One should add that for that the threshold for detection has to be lower than the threshold for infection.
Example: let the detection threshold be 10 particles/ml and the infection threshold be 100 particles/ml (*) -> then undetectable implies that it is very improbable that an infection will take place.
(*) This is a very crude description. Think of it like this: Every single virion (virus particle) has a very low probability of causing an infection itself but there is a high number of them and for one them it might just work out (higher viral load -> higher risk of successful infection)
I'm not a biologist and this is based on general knowledge and some quick google searches but:
We're quite good at detecting viruses if we really want to. PCR can amplify DNA so much that we can detect even 50 viruses per milliliter of blood. A milliliter seems like actually a lot of blood to get into someone else and your innate immune system is capable of finding and neutralizing small amounts of contagions relatively well even if it's never seen it before. I do suspect this is a statistical impossibility though probably you could somehow get incredibly unlucky, for example in your blood momentarily all the free floating viruses end up in the same bit of blood and that somehow gets into someone else, but I think we can all realize that probability is tiny and in practice I don't think there are any examples of transmission with undetectable levels of HIV.
Well put. We can actually detect well below 50 copies/mL in the laboratory setting as well; we don’t go below this to maintain adequate test specificity and sensitivity in the clinical setting.

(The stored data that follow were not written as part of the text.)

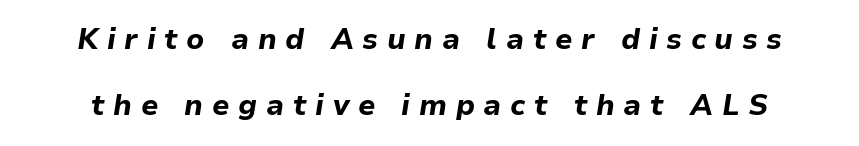
Q: Is the text bold? A: Yes.
Q: Is the text italic (slanted)? A: Yes, it leans right by about 9 degrees.
Q: Is the text underlined? A: No.
Q: Is the spacing between letters normal or unusually wide? A: Unusually wide.
Q: Is the spacing between lines tight, normal or loose? A: Loose.
Q: Width (condensed, normal, or wide)? A: Normal.
Q: Stroke contrast? A: Low.
Q: x-height? A: Medium.
Q: Monospaced? A: No.
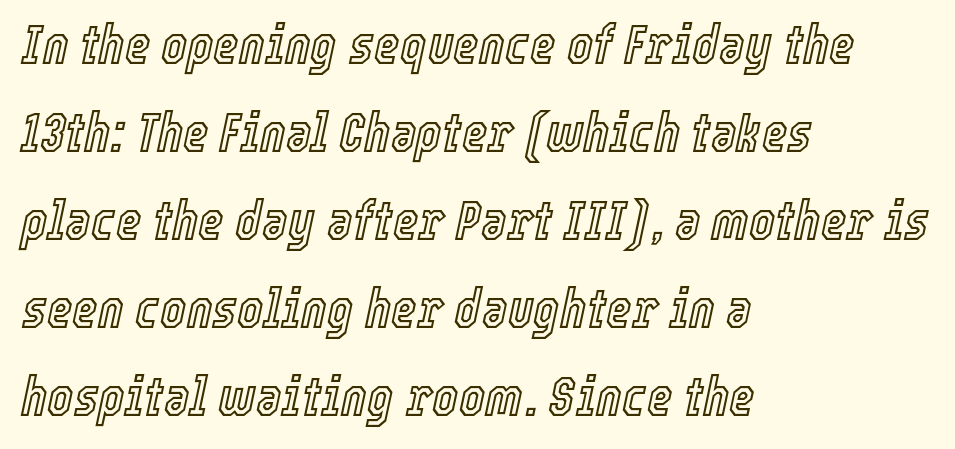
{"italic": "yes", "lean": "right", "slant_degrees": 12, "width": "condensed", "x_height": "medium", "monospaced": "no", "underline": "no", "align": "left", "line_spacing": "normal", "line_spacing_ratio": 1.6, "letter_spacing": "normal", "letter_spacing_em": 0.0, "glyph_px": 55}

Not to put you on the spot but from my cellular bio lab I took it felt like PCR should be capable of detecting literally a single example of the targeted bit of DNA in the sample. Is the problem with detecting below 50 that the sample is too easily contaminated or is it that the primers can spontaneously bind to things they aren't supposed to at a high enough rate to invalidate the results?
There is no data that supports this assertion whatsoever. There is a lot of evidence going against it. Theoretically it may be possible, but the probability of this is on the order of 0 and so close to 0 it will likely never happen.
Think of it like chemistry. Sure, two covalently bonded hydrogen atoms at STP could have nuclei 1cm from each other due to random chance. However, the probability of this happening is so low that it is effectively 0.
If one bounds the risk from HIV from an undetectable partner to an unmeasurably small epsilon, dwarfed by other risks by many orders of magnitude--- the edges where the assertion are false don't matter.
I'm going from memory, and I can't remember how many years ago I saw this on television, but I thought it had something to do with a genetic mutation that likely gained a foothold in the Western European population sometime around the plague of the Middle Ages. If I remember correctly, if a person carried one copy of the gene, they could get infected with HIV, but it wouldn't develop into AIDS. If a person carried two copies, they would not even get infected with HIV.